(Dataset excerpts begins)
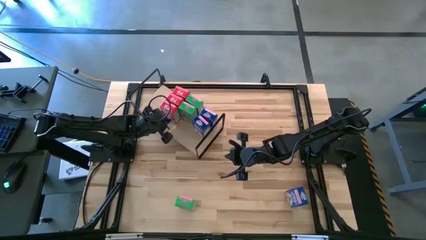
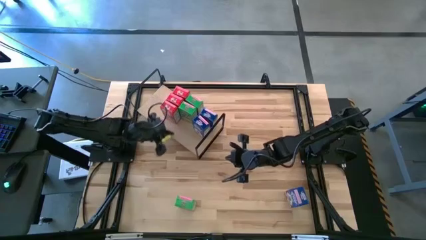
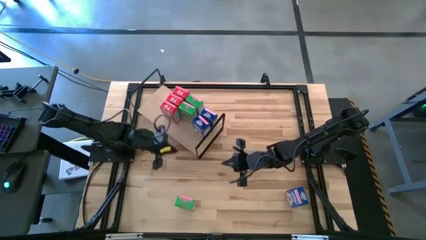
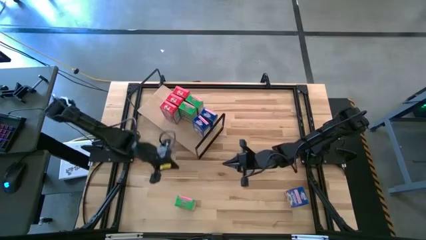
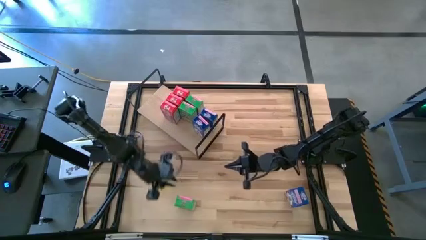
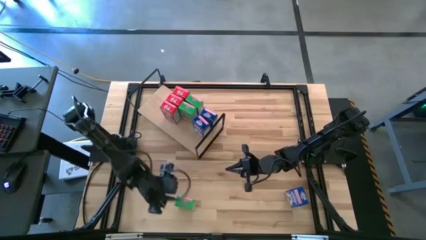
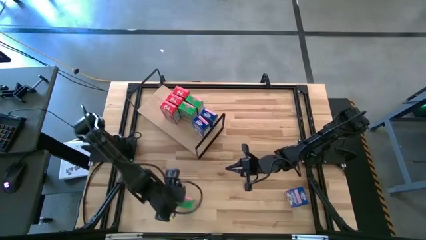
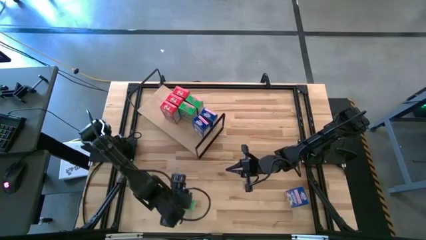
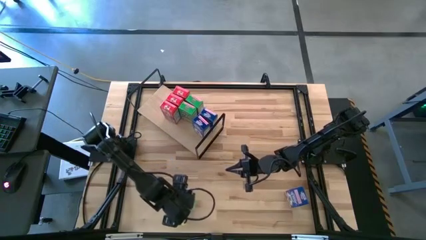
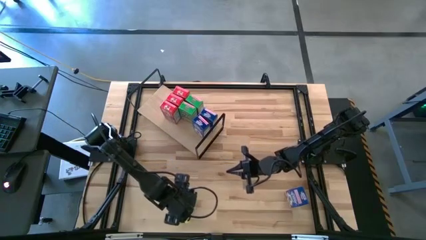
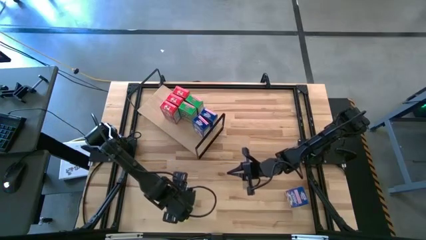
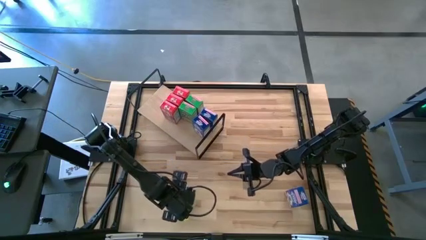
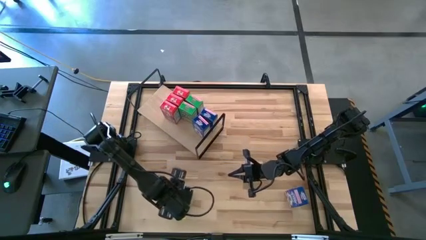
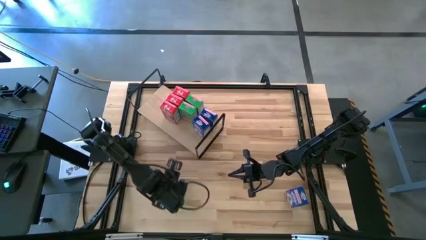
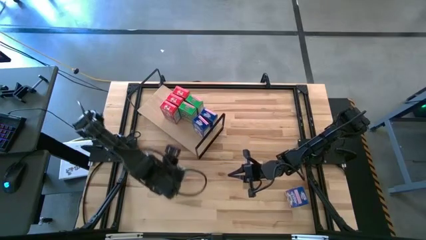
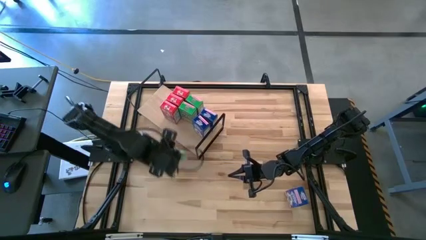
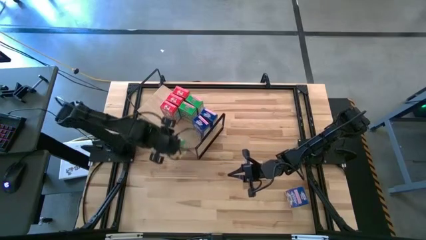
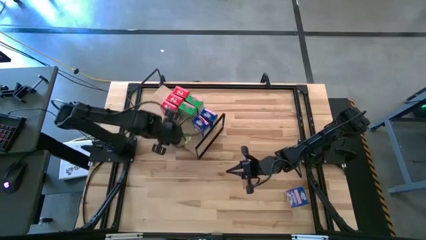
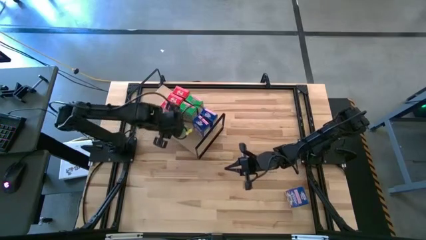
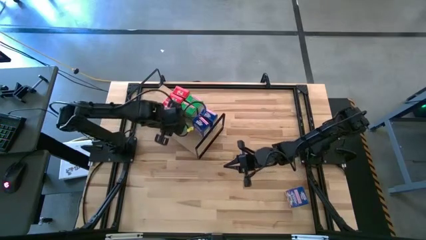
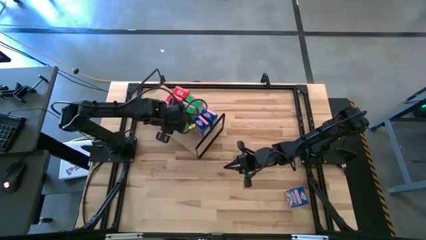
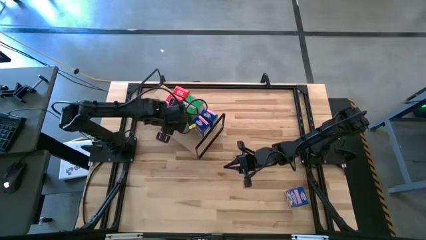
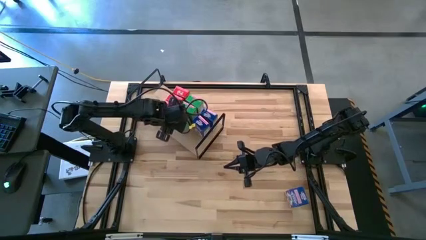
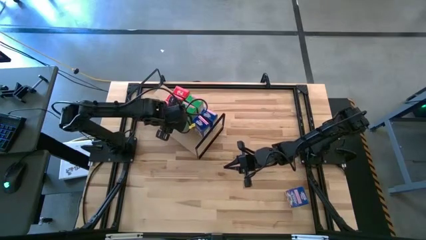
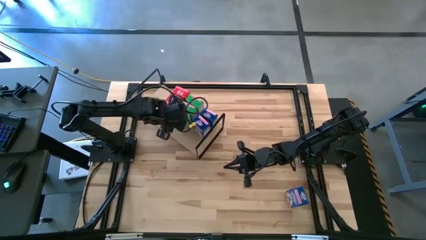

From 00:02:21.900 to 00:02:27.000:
Put the green cereal from the left on the shelf
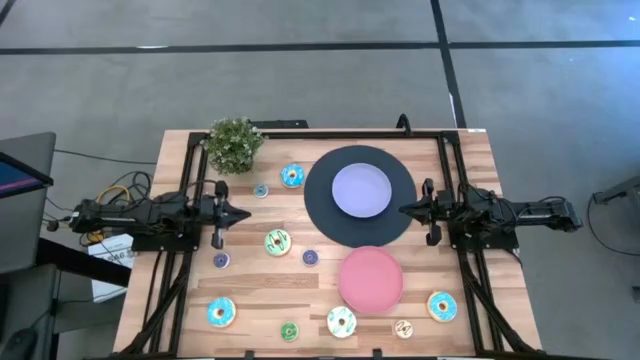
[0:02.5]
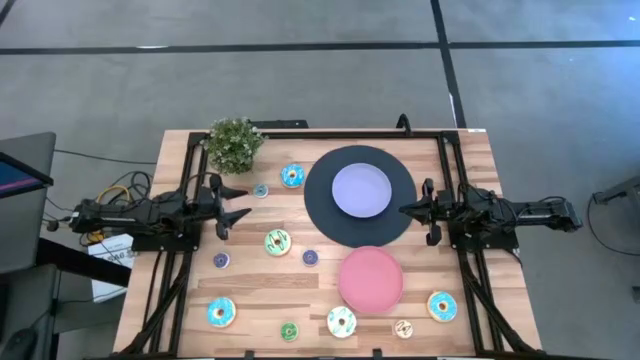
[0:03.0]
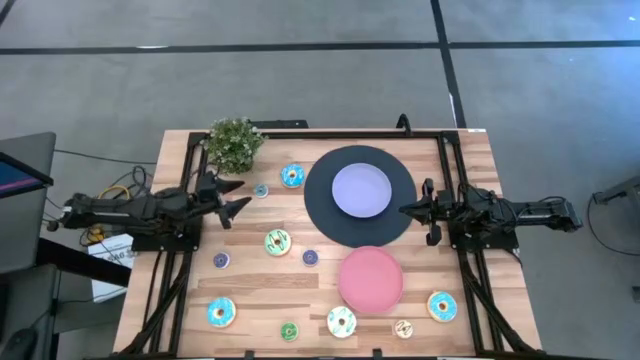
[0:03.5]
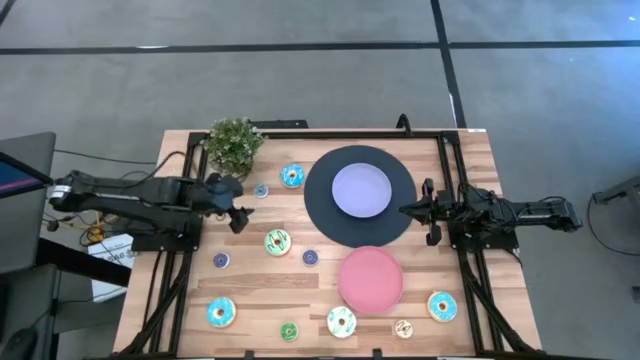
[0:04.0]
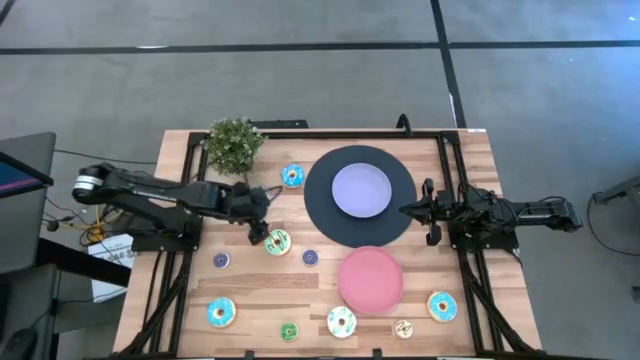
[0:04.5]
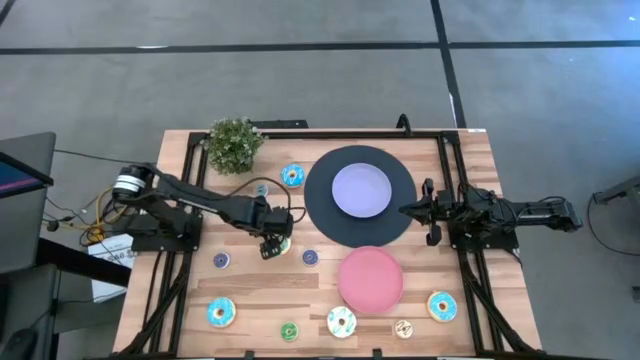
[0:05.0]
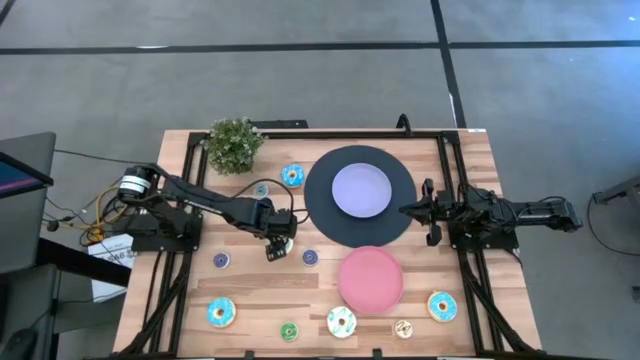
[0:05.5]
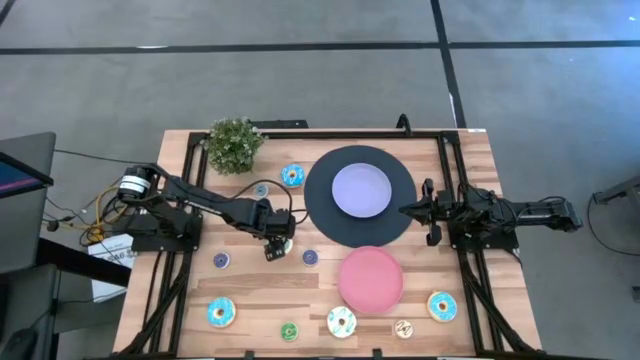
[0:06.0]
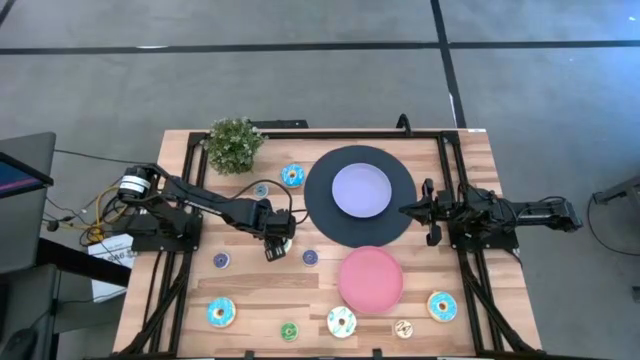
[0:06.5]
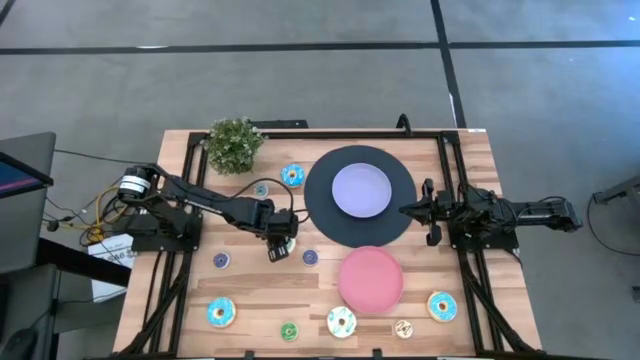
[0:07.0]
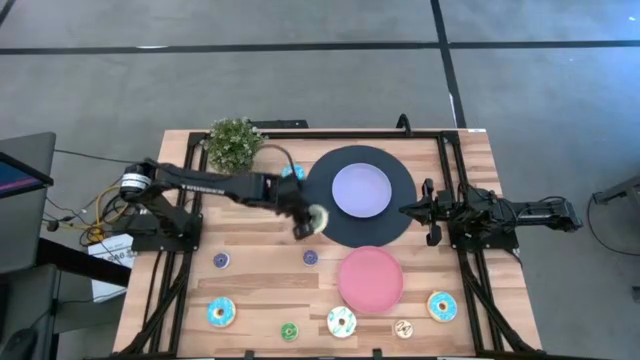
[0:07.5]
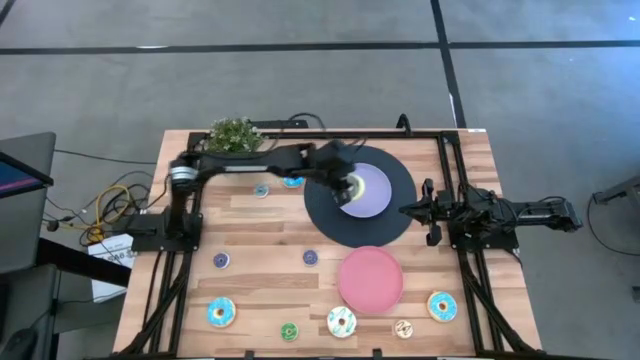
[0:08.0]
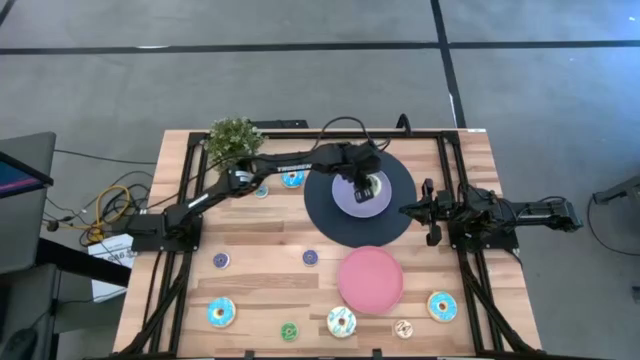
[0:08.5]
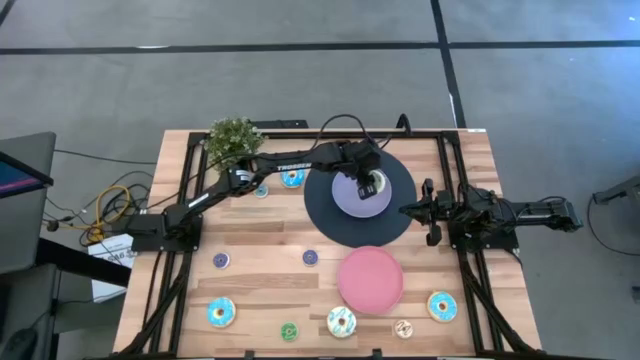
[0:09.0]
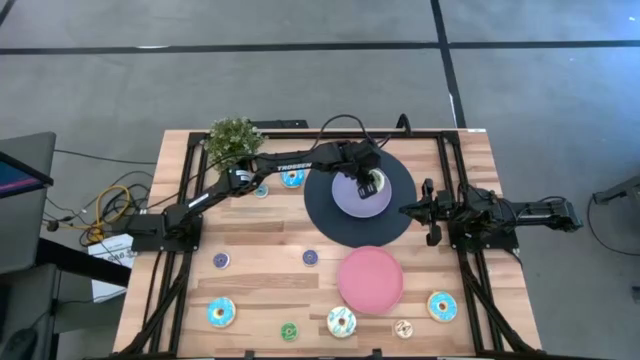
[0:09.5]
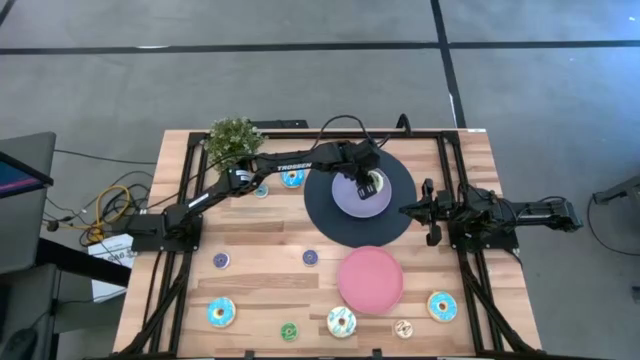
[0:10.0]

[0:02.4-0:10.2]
(Dataset excerpts ends)
**The problem**: Repeat, word for word, each of the records, omitting any image they hold.

**Written response**:
From 00:02:21.900 to 00:02:27.000:
Put the green cereal from the left on the shelf
[0:02.5]
[0:03.0]
[0:03.5]
[0:04.0]
[0:04.5]
[0:05.0]
[0:05.5]
[0:06.0]
[0:06.5]
[0:07.0]
[0:07.5]
[0:08.0]
[0:08.5]
[0:09.0]
[0:09.5]
[0:10.0]

[0:02.4-0:10.2]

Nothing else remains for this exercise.